Exercise details. Restate the listing below word for word; no picture is to be carried over.

Records for the task.
────────────────

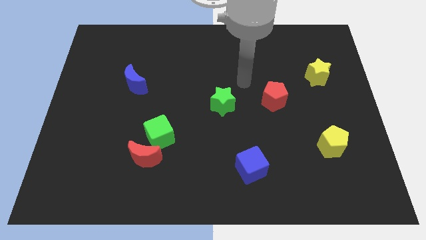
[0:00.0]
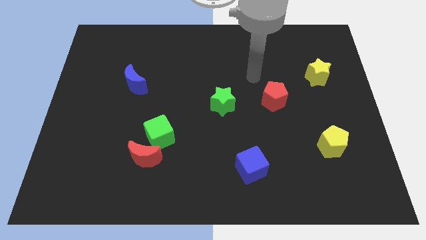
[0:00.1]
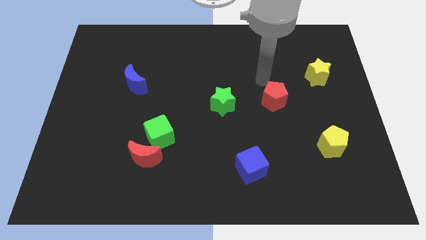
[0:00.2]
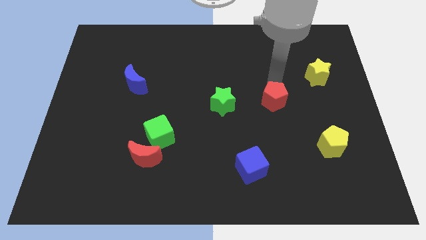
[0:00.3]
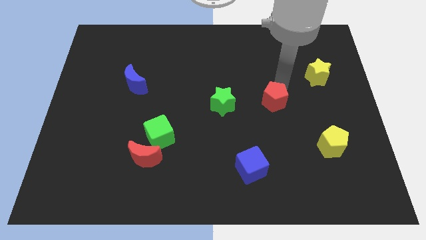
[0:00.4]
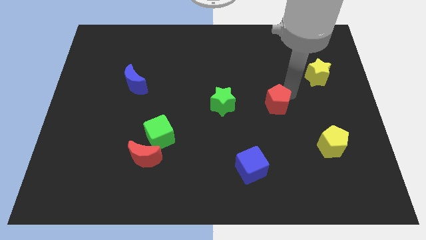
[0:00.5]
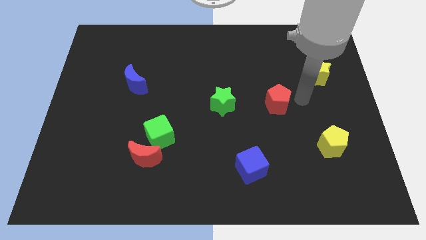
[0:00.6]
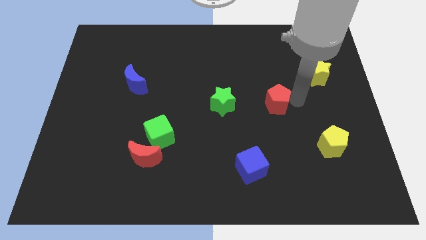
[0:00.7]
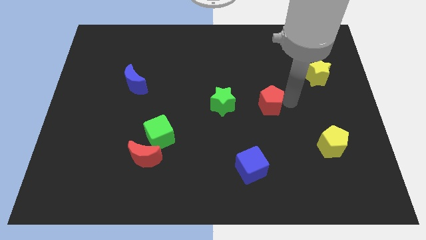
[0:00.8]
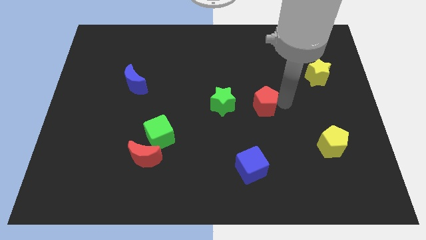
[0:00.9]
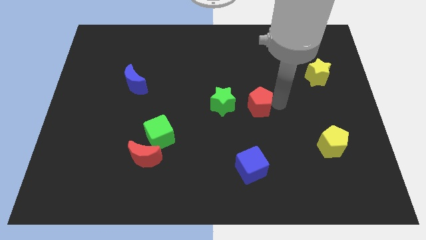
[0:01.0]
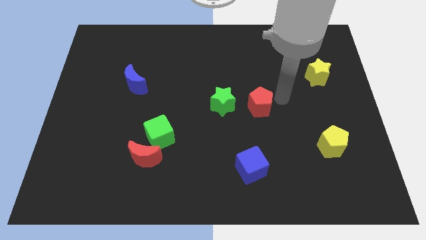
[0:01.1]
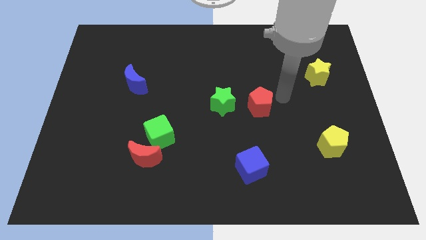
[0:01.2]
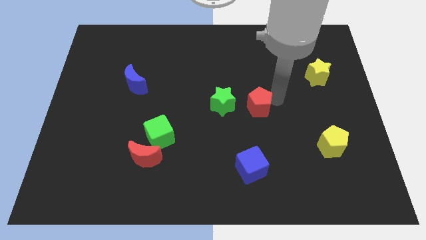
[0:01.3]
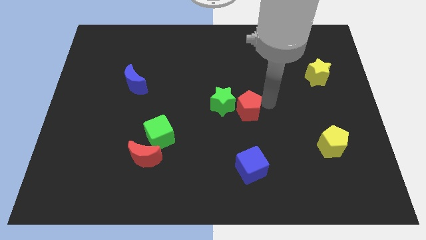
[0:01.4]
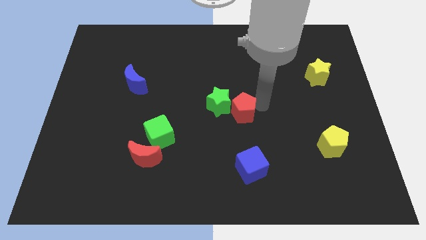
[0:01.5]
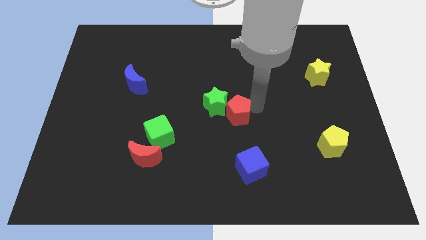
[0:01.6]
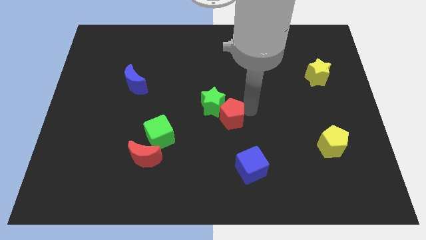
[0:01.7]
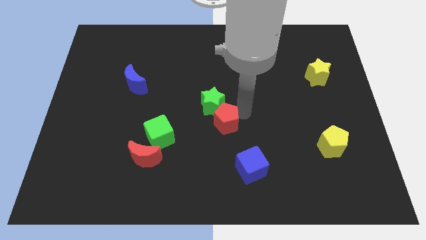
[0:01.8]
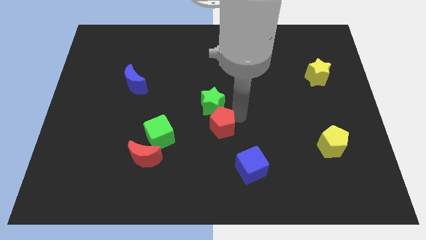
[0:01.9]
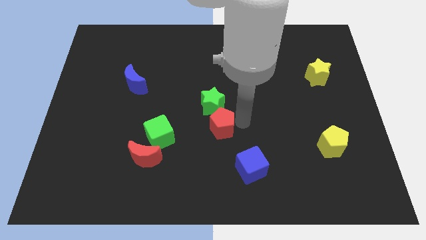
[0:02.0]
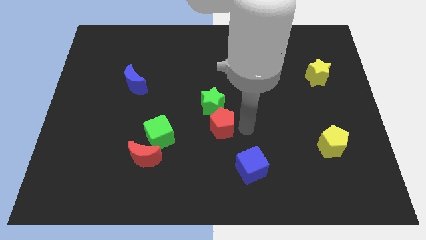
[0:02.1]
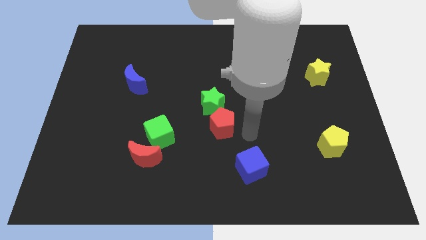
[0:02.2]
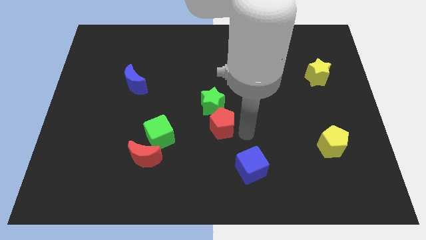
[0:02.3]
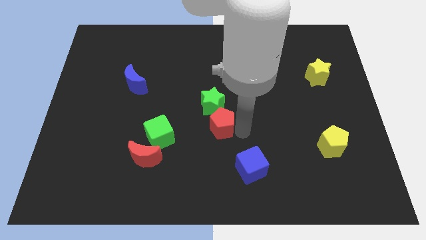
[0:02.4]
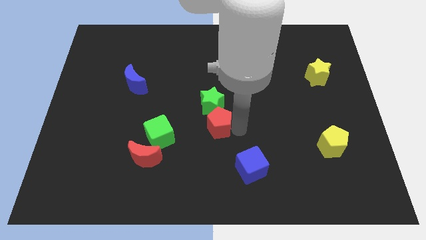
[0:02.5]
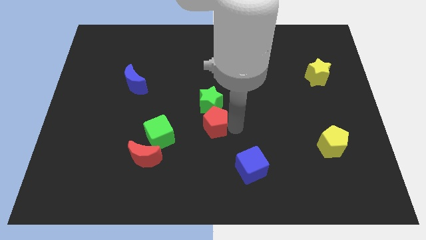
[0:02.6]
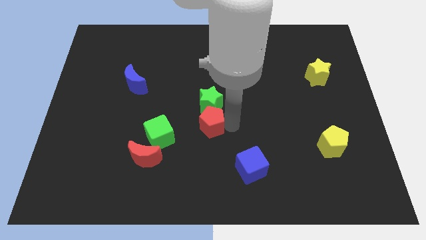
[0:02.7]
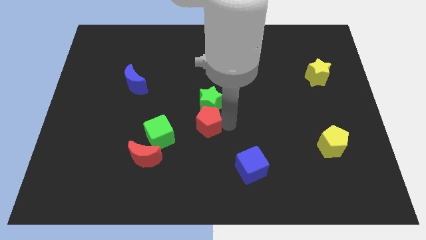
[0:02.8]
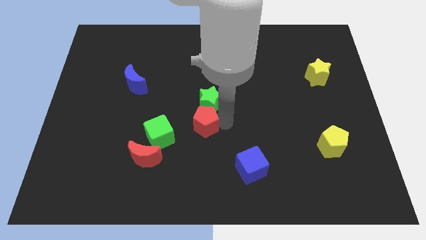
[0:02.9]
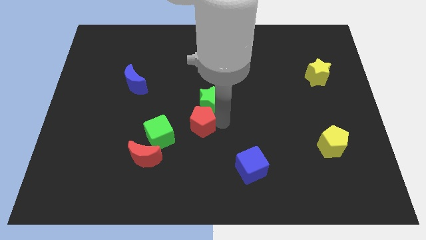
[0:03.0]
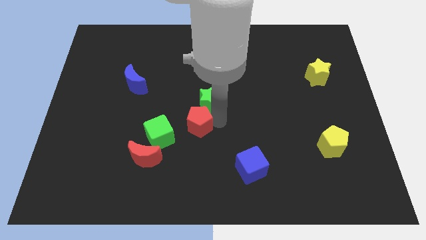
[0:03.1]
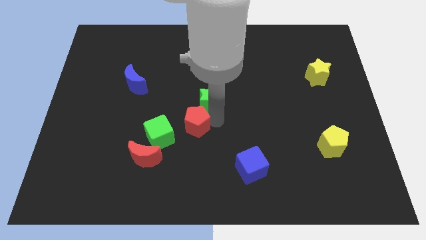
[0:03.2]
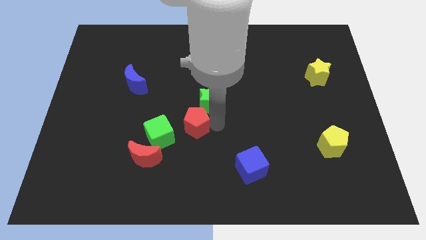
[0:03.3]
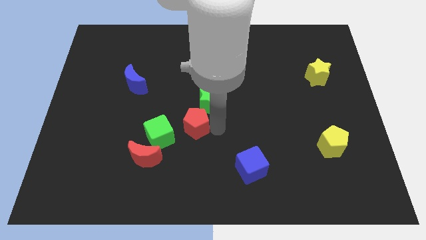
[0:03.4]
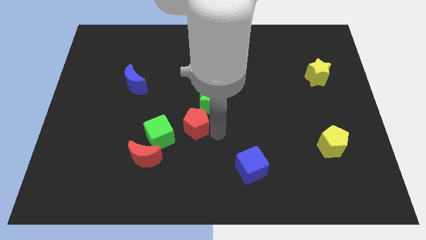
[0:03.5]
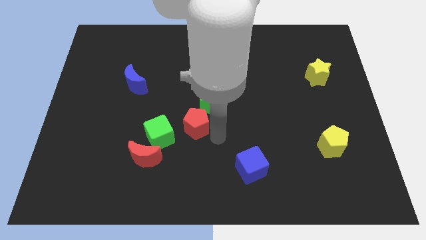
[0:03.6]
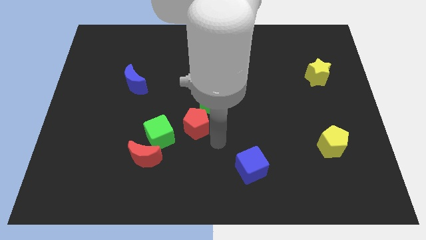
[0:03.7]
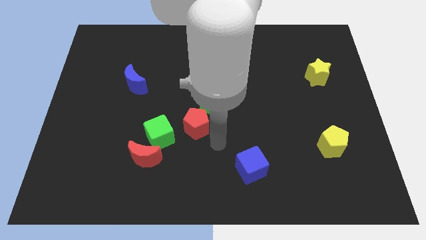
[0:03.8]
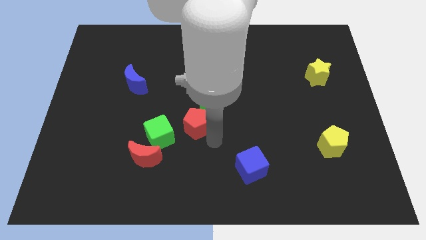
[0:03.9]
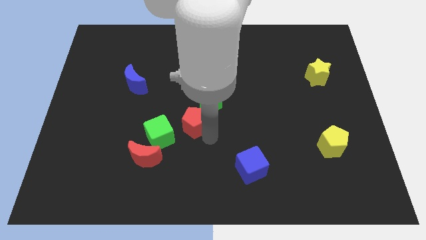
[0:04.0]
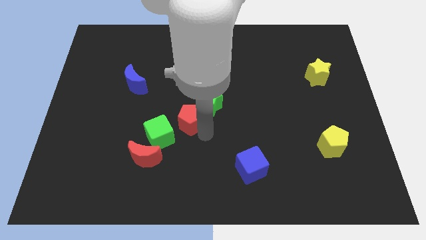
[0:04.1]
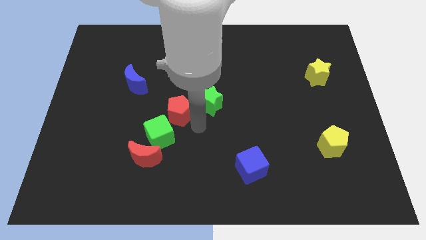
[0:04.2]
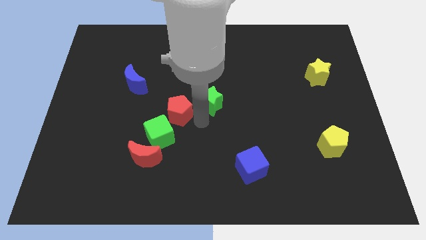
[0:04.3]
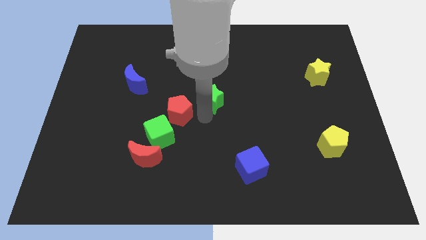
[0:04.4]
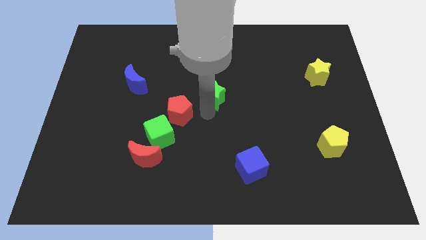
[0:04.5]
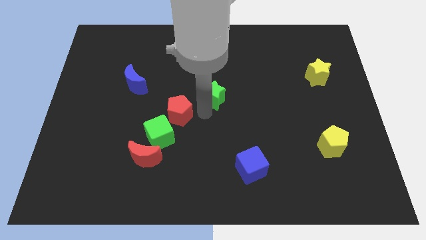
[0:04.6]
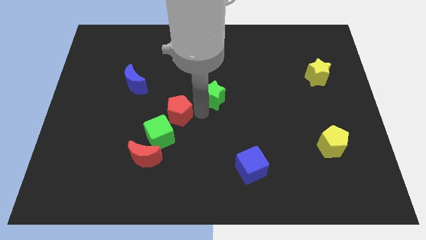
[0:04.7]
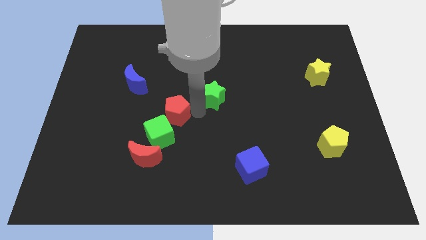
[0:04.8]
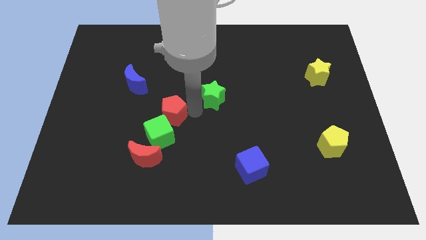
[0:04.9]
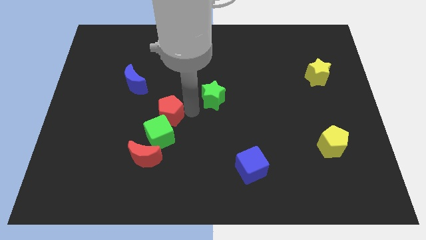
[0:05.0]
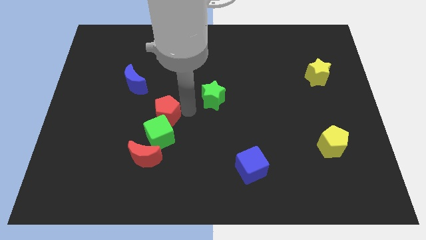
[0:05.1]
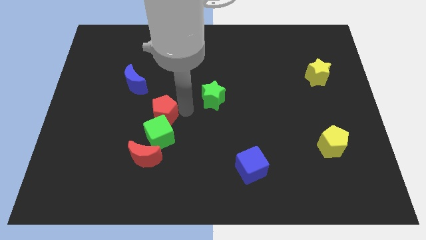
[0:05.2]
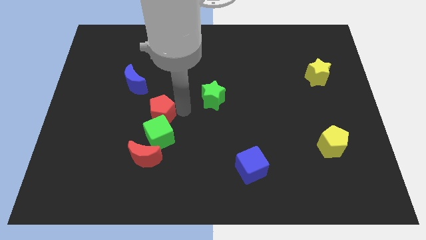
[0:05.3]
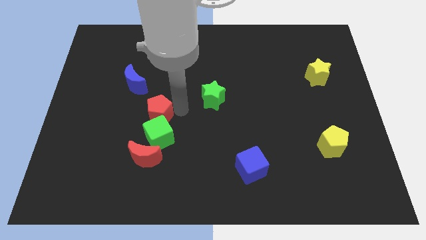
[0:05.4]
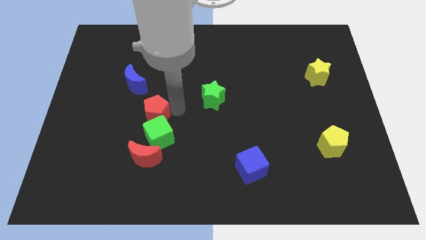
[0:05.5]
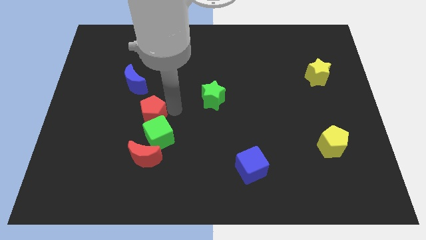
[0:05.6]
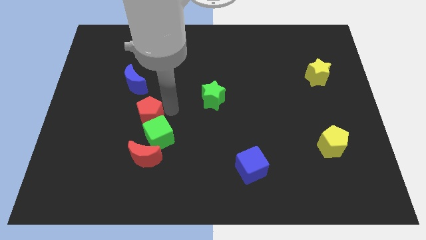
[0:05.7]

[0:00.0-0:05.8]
put the red pentagon to the bottom side of the blue moon

────────────────

Expected answer.
[0:00.0]
[0:00.1]
[0:00.2]
[0:00.3]
[0:00.4]
[0:00.5]
[0:00.6]
[0:00.7]
[0:00.8]
[0:00.9]
[0:01.0]
[0:01.1]
[0:01.2]
[0:01.3]
[0:01.4]
[0:01.5]
[0:01.6]
[0:01.7]
[0:01.8]
[0:01.9]
[0:02.0]
[0:02.1]
[0:02.2]
[0:02.3]
[0:02.4]
[0:02.5]
[0:02.6]
[0:02.7]
[0:02.8]
[0:02.9]
[0:03.0]
[0:03.1]
[0:03.2]
[0:03.3]
[0:03.4]
[0:03.5]
[0:03.6]
[0:03.7]
[0:03.8]
[0:03.9]
[0:04.0]
[0:04.1]
[0:04.2]
[0:04.3]
[0:04.4]
[0:04.5]
[0:04.6]
[0:04.7]
[0:04.8]
[0:04.9]
[0:05.0]
[0:05.1]
[0:05.2]
[0:05.3]
[0:05.4]
[0:05.5]
[0:05.6]
[0:05.7]

[0:00.0-0:05.8]
put the red pentagon to the bottom side of the blue moon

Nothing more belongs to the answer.